One of the best comics going returned in March, when Lazarus: Risen 1 hit store shelves. Clocking in at a hefty 67 pages, Risen debuted Lazarus‘s new, quarterly magazine format – a shift the creative team made in an attempt to stay on schedule and offer readers some bonus worldbuilding material.

I had no doubt that Lazarus: Risen would be entirely worth the wait and the slightly-increased price. But I did not know that Lilah Sturges’s short fiction piece, “Your Last Meal on Earth,” would stick with me for so long.

Sturges’s six page short tells the story of Ginger, a chef who just wants to cook the best damn meals she can. When given the opportunity to do just that, Ginger has to weigh her dream against the moral cost it invokes.

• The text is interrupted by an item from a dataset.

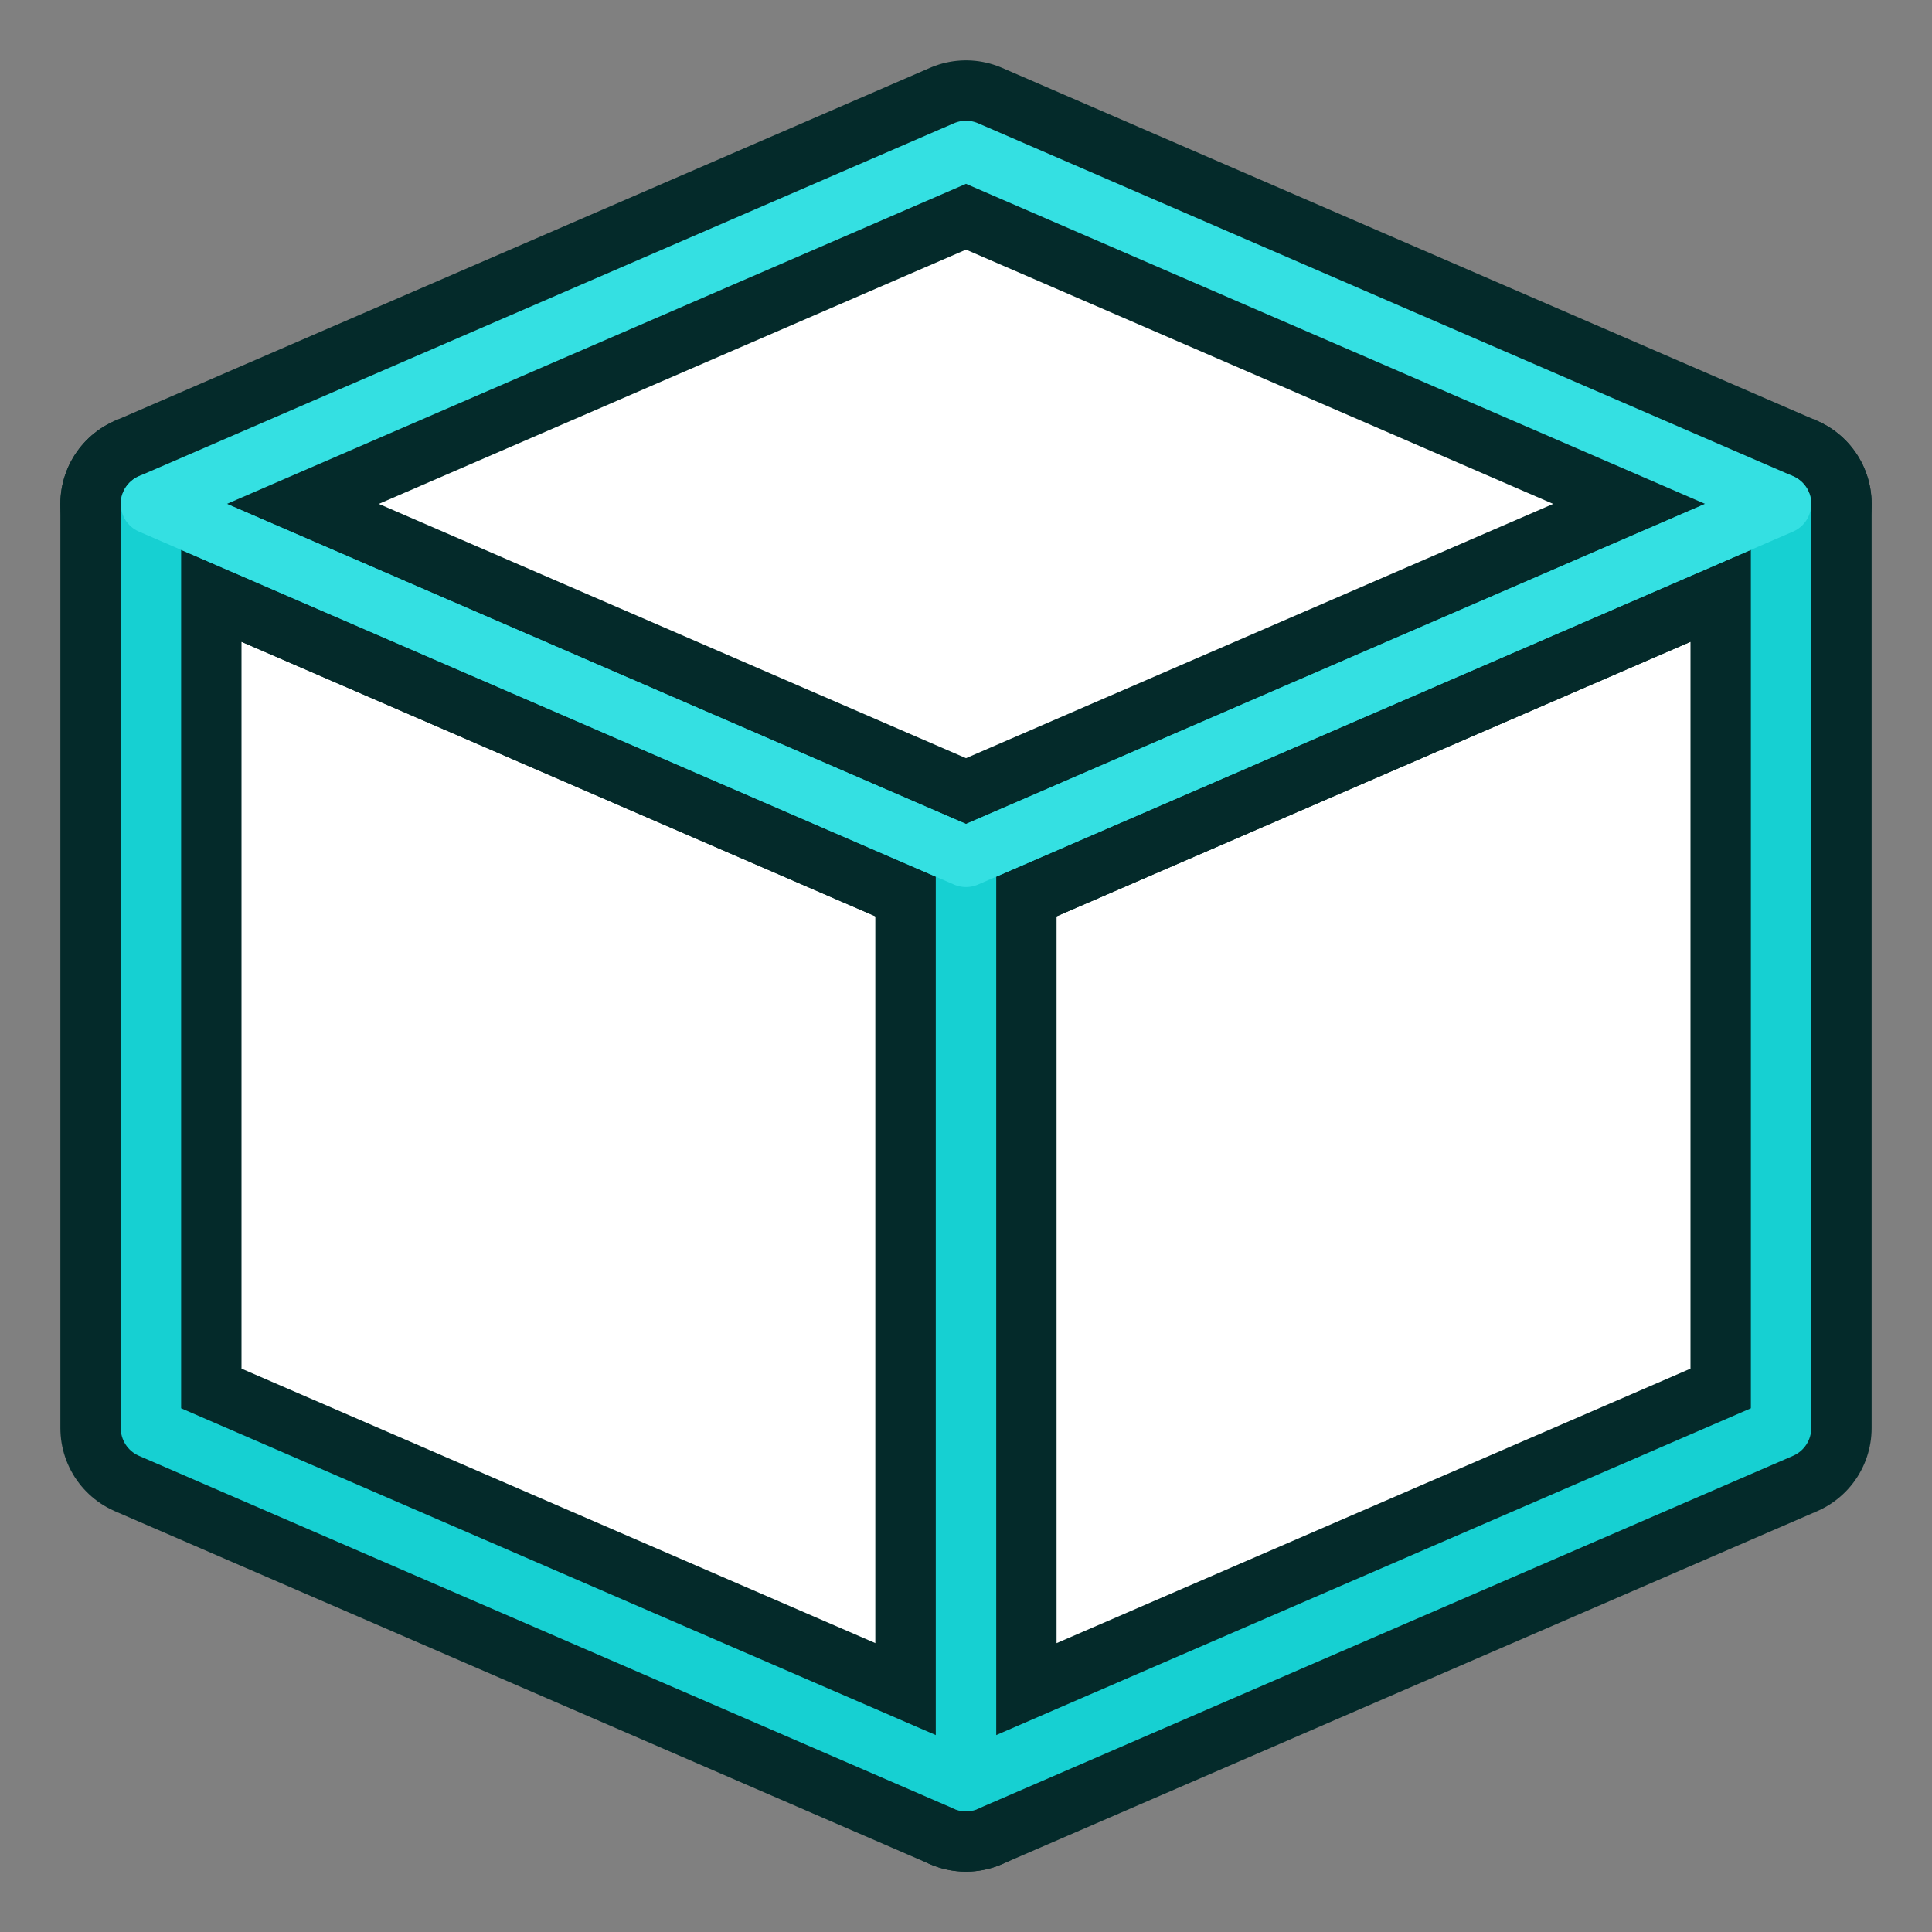 <svg xmlns="http://www.w3.org/2000/svg" xmlns:xlink="http://www.w3.org/1999/xlink" version="1.1" id="svg6248" viewBox="0 0 64.0 64.0"><rect x="0" y="0" width="64.0" height="64.0" fill="#808080" stroke="none"/><defs id="defs6250"><linearGradient id="linearGradient3253"><stop id="stop3255" offset="0" style="stop-color:#89d5f8;stop-opacity:1;"/><stop id="stop3257" offset="1" style="stop-color:#00899e;stop-opacity:1;"/></linearGradient><linearGradient id="linearGradient6816"><stop id="stop6818" offset="0" style="stop-color:#000000;stop-opacity:1;"/><stop id="stop6820" offset="1" style="stop-color:#000000;stop-opacity:0;"/></linearGradient><linearGradient id="linearGradient6781"><stop id="stop6783" offset="0" style="stop-color:#ffffff;stop-opacity:1;"/><stop id="stop6785" offset="1" style="stop-color:#3465a4;stop-opacity:0;"/></linearGradient><radialGradient gradientUnits="userSpaceOnUse" gradientTransform="matrix(1.158,0,0,0.656,-7.292,16.126)" r="25.199" fy="51.929" fx="33.37" cy="51.929" cx="33.37" id="radialGradient6822" xlink:href="#linearGradient6816"/><radialGradient gradientUnits="userSpaceOnUse" gradientTransform="matrix(0.972,-0.106,5.0523169e-2,0.465,-0.352,9.585)" r="27.987" fy="17.014" fx="18.418" cy="17.014" cx="18.418" id="radialGradient3259" xlink:href="#linearGradient3253"/><radialGradient r="27.987" fy="17.014" fx="18.418" cy="17.014" cx="18.418" gradientTransform="matrix(0.972,-0.106,0.051,0.465,-0.352,9.585)" gradientUnits="userSpaceOnUse" id="radialGradient3270" xlink:href="#linearGradient3253"/></defs><g id="layer1"><g transform="matrix(-1,0,0,0.994,4,0.038)" id="g3913-7"/><g transform="translate(60,0)" id="g3913"/><path id="path3003" d="M 32,59 5,47.308 5,16.692 32,28.385 z" style="fill:#ffffff;stroke:#042a2a;stroke-width:6;stroke-linecap:butt;stroke-linejoin:round;stroke-miterlimit:4;stroke-opacity:1;stroke-dasharray:none"/><path id="path3003-5" d="M 32,59 59,47.308 59,16.692 32,28.385 z" style="fill:#ffffff;stroke:#042a2a;stroke-width:6;stroke-linecap:butt;stroke-linejoin:round;stroke-miterlimit:4;stroke-opacity:1;stroke-dasharray:none"/><path id="path3003-2-2" d="M 59,16.692 32,28.385 5,16.692 32,5 z" style="fill:#ffffff;stroke:#042a2a;stroke-width:6;stroke-linecap:butt;stroke-linejoin:round;stroke-miterlimit:4;stroke-opacity:1;stroke-dasharray:none"/><path id="path3003-3" d="M 32,59 5,47.308 5,16.692 32,28.385 z" style="fill:none;stroke:#16d0d2;stroke-width:2;stroke-linecap:butt;stroke-linejoin:round;stroke-miterlimit:4;stroke-opacity:1;stroke-dasharray:none"/><path id="path3003-5-6" d="M 32,59 59,47.308 59,16.692 32,28.385 z" style="fill:none;stroke:#16d0d2;stroke-width:2;stroke-linecap:butt;stroke-linejoin:round;stroke-miterlimit:4;stroke-opacity:1;stroke-dasharray:none"/><path id="path3003-2" d="M 59,16.692 32,28.385 5,16.692 32,5 z" style="fill:none;stroke:#34e0e2;stroke-width:2;stroke-linecap:butt;stroke-linejoin:round;stroke-miterlimit:4;stroke-opacity:1;stroke-dasharray:none"/></g></svg>

Ginger’s struggle speaks to not only anyone who has single-mindedly pursued a passion or a project, but anyone who just LIVES in today’s world. We all know of good causes we should be advancing. Good work that should be done that could change the world. And we also understand the mild evils inherent in some of our simple, everyday actions. Actions that we often undertake without truly considering their cost.

I’ll give you an example from this very blog post. Up above, I included an Amazon Affiliates link that, when clicked, takes you to the product page for Amazon’s version of Lazarus: Risen. I dislike like many things about Amazon. I dislike how they treat their workers. I dislike that their prices often undercut local bookstores and other retailers who serve as more than marketplaces. Honestly, I would be happier if Amazon went out of business.

But maintaining this blog costs money, and Amazon Affiliate links are an easy way to make some of that money back. So I include them in my blog posts and ask people to click them. I create (a minor amount of) revenue for Amazon and hope that I am not contributing to the decline of brick-and-mortar bookstores in the process.

At the same time, I also recognize that I am sitting inside on a semi-nice April day, writing about other people’s stories when I could be volunteering somewhere or tending the garden I share with my wife or even just writing my own damn stories. I am foregoing all these things to do this thing that I love, which is stewing on other people’s thoughts and ideas.

I justify all this by hoping that someone other than me will get something out of my writing here. By hoping that, in pursuing my passion over other worthwhile actions, I am providing value that no one else can.

Both those concerns might seem minor to you – but that’s the point. Most concerns are minor. Most of the decisions we make each day are not life or death. We live our lives and pursue our passions and push many other less-relevant thoughts and considerations to the background. We lack the moral and chronal bandwidth to weigh every action we take against every other possible action that we COULD take.

And so most of us, myself included, are content to do what we do and let the world remain fucked up. Because we have ballotines to cook.